You do not want to try and save the oil from the crankcase to reuse may have too many contaminates. If you have some clear monokote or any clear covering you could print out the Saito logo and cover it with the clear covering.
I have a set from Fiberglass Specialties already on order. I could build another set but buying another bag of ultracal was more money.
I got better paint today. It matches the covering a lot better, though under certain light condition it's still not exactly perfect, but I really don't care at this point. I'm pretty sure it's as good as I'm going to get as getting a paint that matches under all lighting is pretty much an impossibility. I'm going to give it another week to cure before I clearcoat it and by that point the pants should be here.
Other than that I'm pretty much done. Now to just wait for a day with decent weather to re-maiden...
At some point I'll start putting together a set of floats for it. Float flying season is mostly over now because the water is too cold to comfortably swim in and I don't have a rescue boat so it'll probably end up being a winter project.
Went pretty darn well too, at least initially. It only needed like 5 clicks of down elevator and 2 of left aileron and then it was perfect. My math for the CG seems to have checked out too as well. Gear works fine, the toe-in I put into the mains I thought I'd have to reduce a bit but it actually felt great on the ground in the taxi test.
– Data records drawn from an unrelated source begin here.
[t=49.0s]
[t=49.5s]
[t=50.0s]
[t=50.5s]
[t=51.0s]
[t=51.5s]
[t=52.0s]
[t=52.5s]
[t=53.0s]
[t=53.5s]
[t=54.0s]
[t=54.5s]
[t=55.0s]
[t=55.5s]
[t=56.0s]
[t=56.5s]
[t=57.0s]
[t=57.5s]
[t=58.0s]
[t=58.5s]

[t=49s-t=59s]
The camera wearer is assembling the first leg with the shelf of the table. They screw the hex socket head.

I haven't flown a plane with a free castering tailwheel in a while so that took a little getting used to, but I honestly think I prefer that setup more than an actively steered tailwheel because it helps cut tail weight out and you can usually make tighter turns on the ground too.
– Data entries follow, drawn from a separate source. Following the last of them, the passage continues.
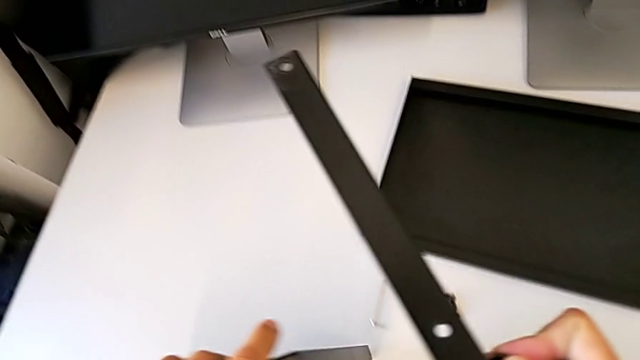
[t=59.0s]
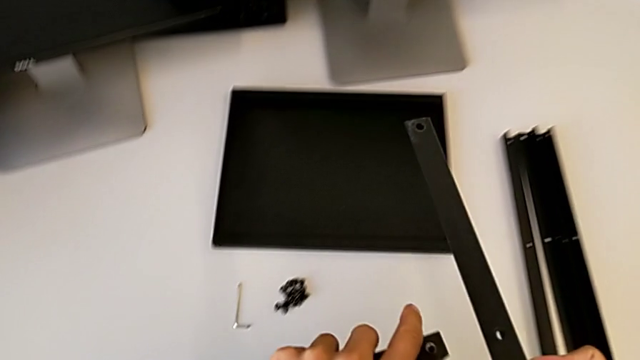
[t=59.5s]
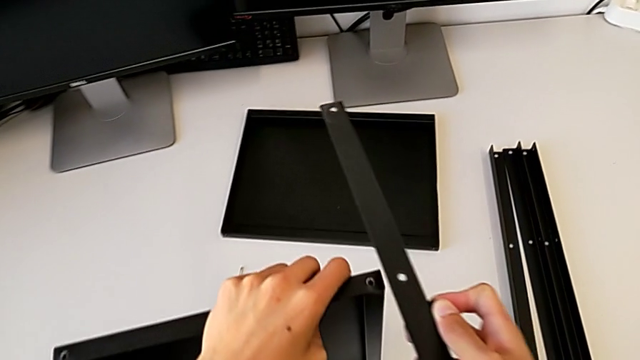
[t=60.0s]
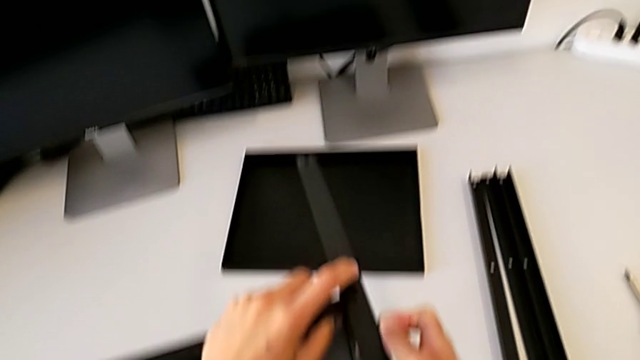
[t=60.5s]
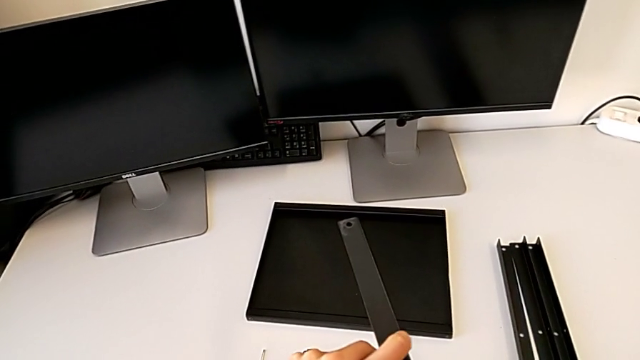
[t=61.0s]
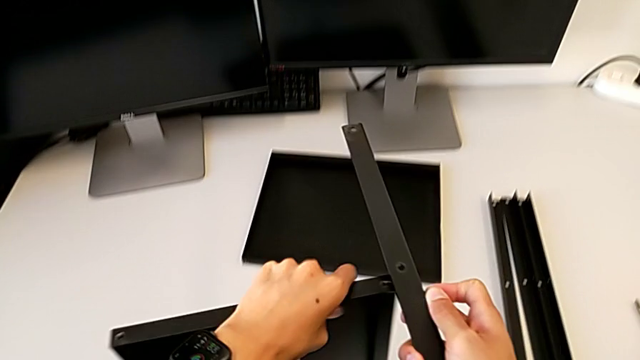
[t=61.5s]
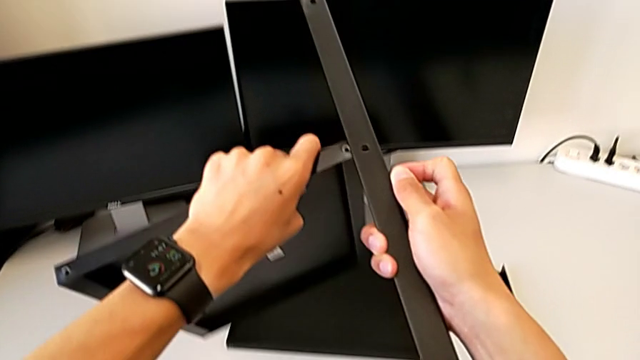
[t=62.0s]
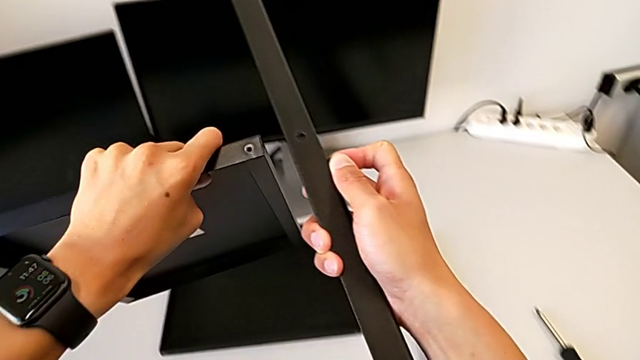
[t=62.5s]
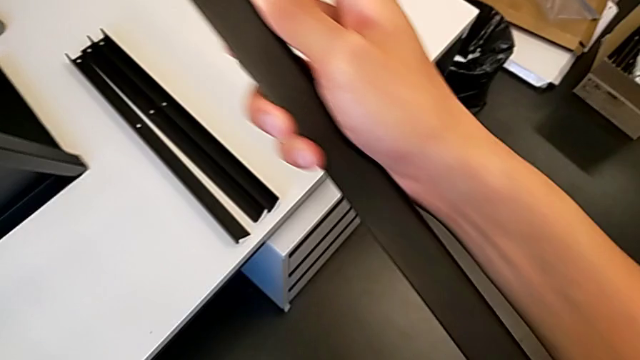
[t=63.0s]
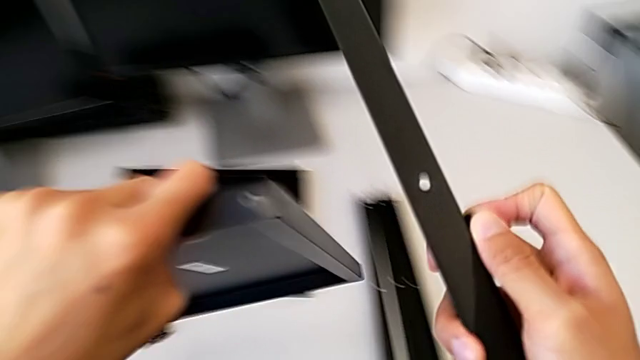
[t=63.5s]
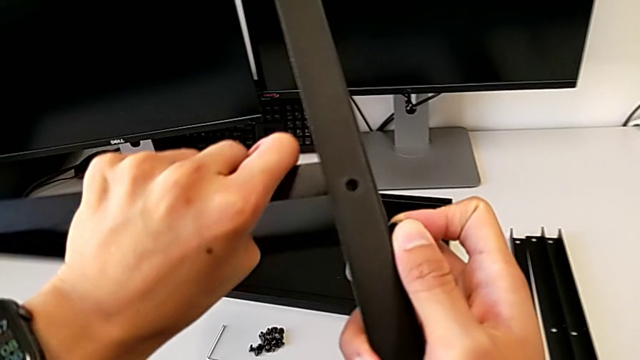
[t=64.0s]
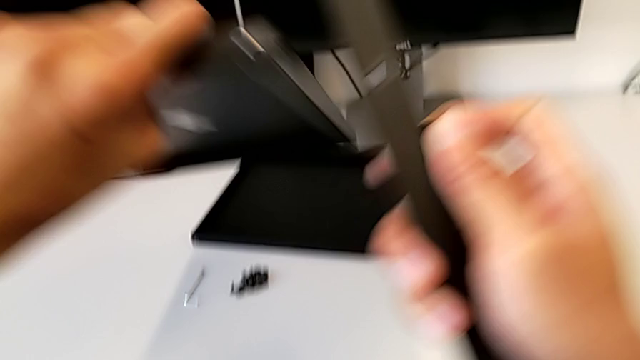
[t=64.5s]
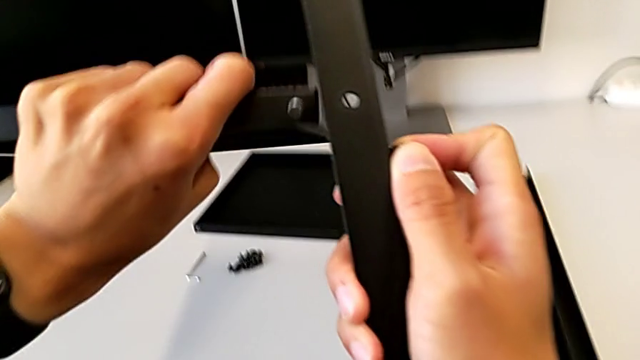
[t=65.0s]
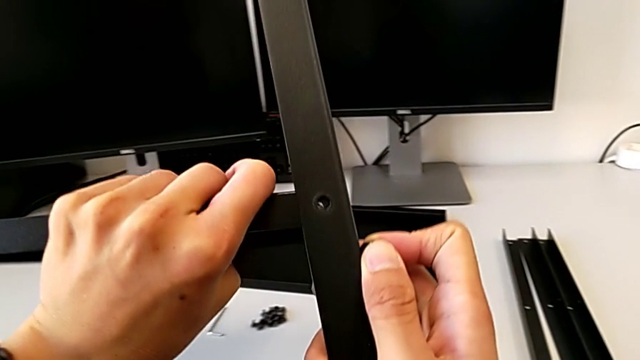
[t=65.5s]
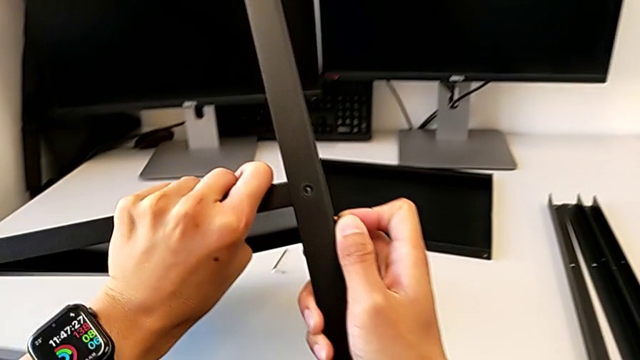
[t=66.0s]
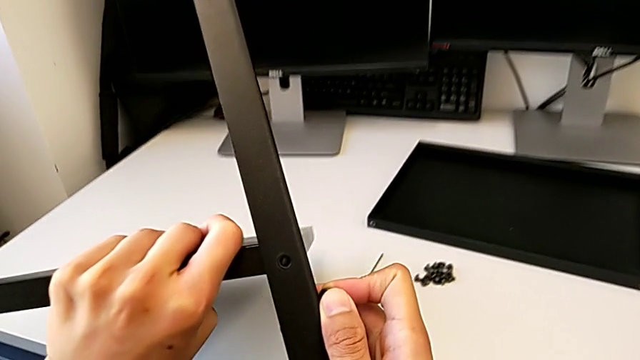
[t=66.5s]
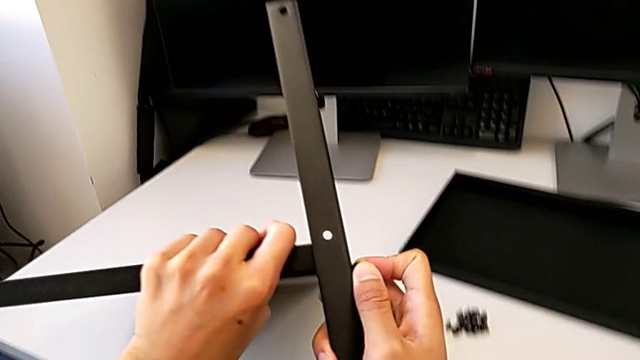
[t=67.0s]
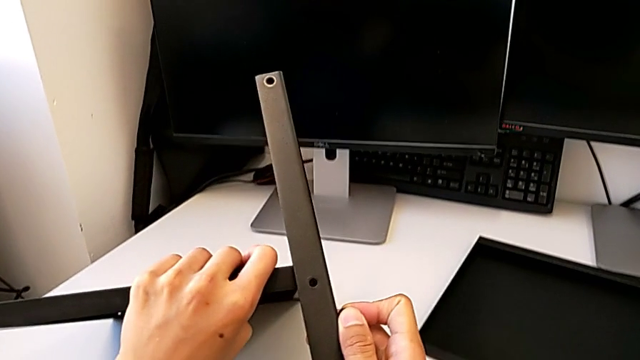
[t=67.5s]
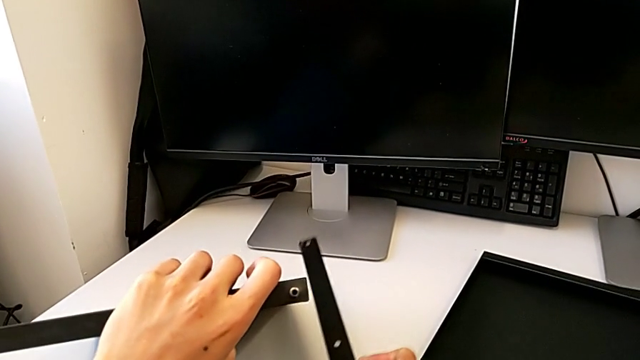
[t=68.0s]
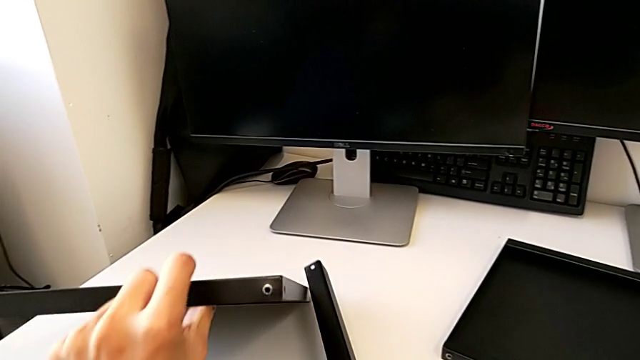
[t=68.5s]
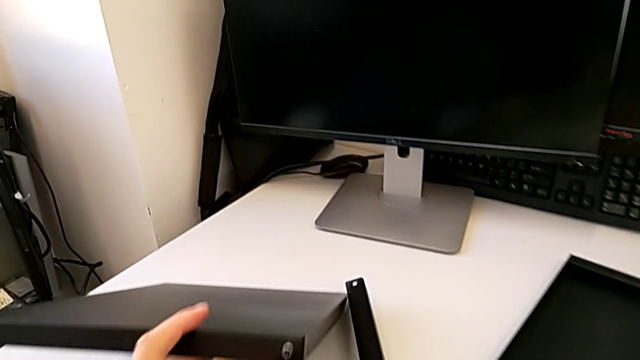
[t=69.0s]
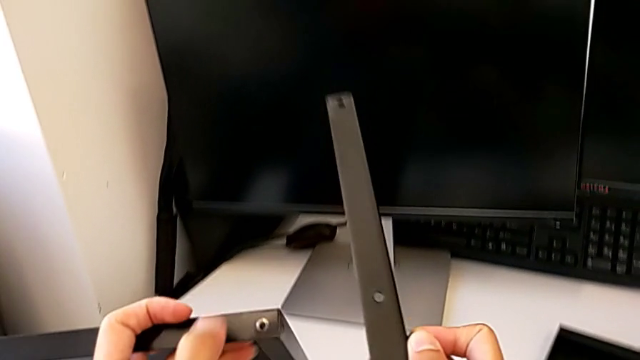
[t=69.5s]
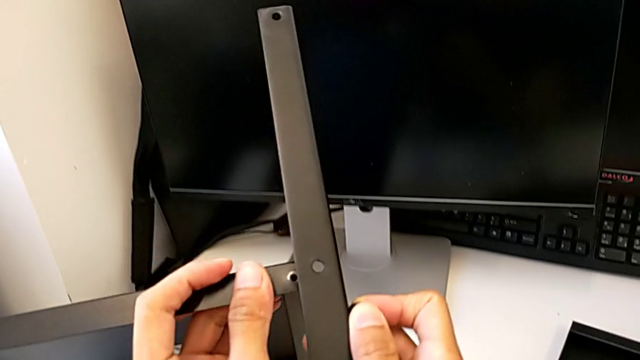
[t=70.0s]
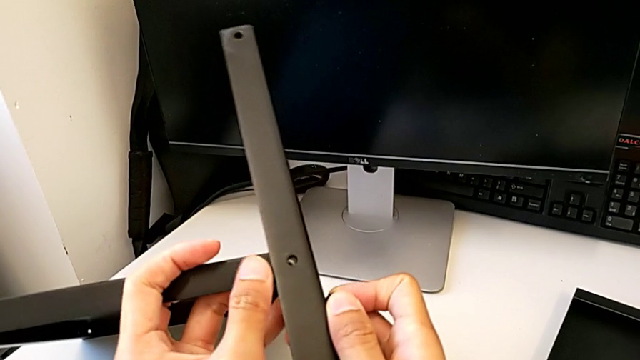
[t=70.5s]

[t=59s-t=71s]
The camera wearer is assembling the first leg with the shelf of the table. They hold the leg and begin to assemble it.

I say all went well initially because as soon as I went to disassemble the airplane to clean it off and go home, both of the jury strut tabs on the main struts fell off! Due to the fact that the JB weld failed at the joint and didn't itself break, the tabs had been held there by pressure only for an undetermined portion of the flight I guess it was not up to the task. It's a good thing I didn't try to test if the struts actually increased the maximum allowable G load else I might be writing a postmortem instead of a flight report...
With that, my original idea I had for struts is getting tossed out. The only reason it even had the jury struts in the first place was to keep the main struts from rotating because they've got clevises at both ends and also bear a little bit of G-load. I think what I'll do instead to replace it is crimp the strut at one end around a piece of thicker sheet aluminum which I'll then braze into place, and then just screw that into the fuselage bottom. I'm willing to bet the big hardwood block in the bottom of the fuselage which the steel bar screws into can handle the G-load just as well as the bar itself could. I will keep the clevis at the other end, but instead of the jury struts having clevises they'll either get deleted entirely or replaced with music wire brazed onto the strut, which would be much more secure.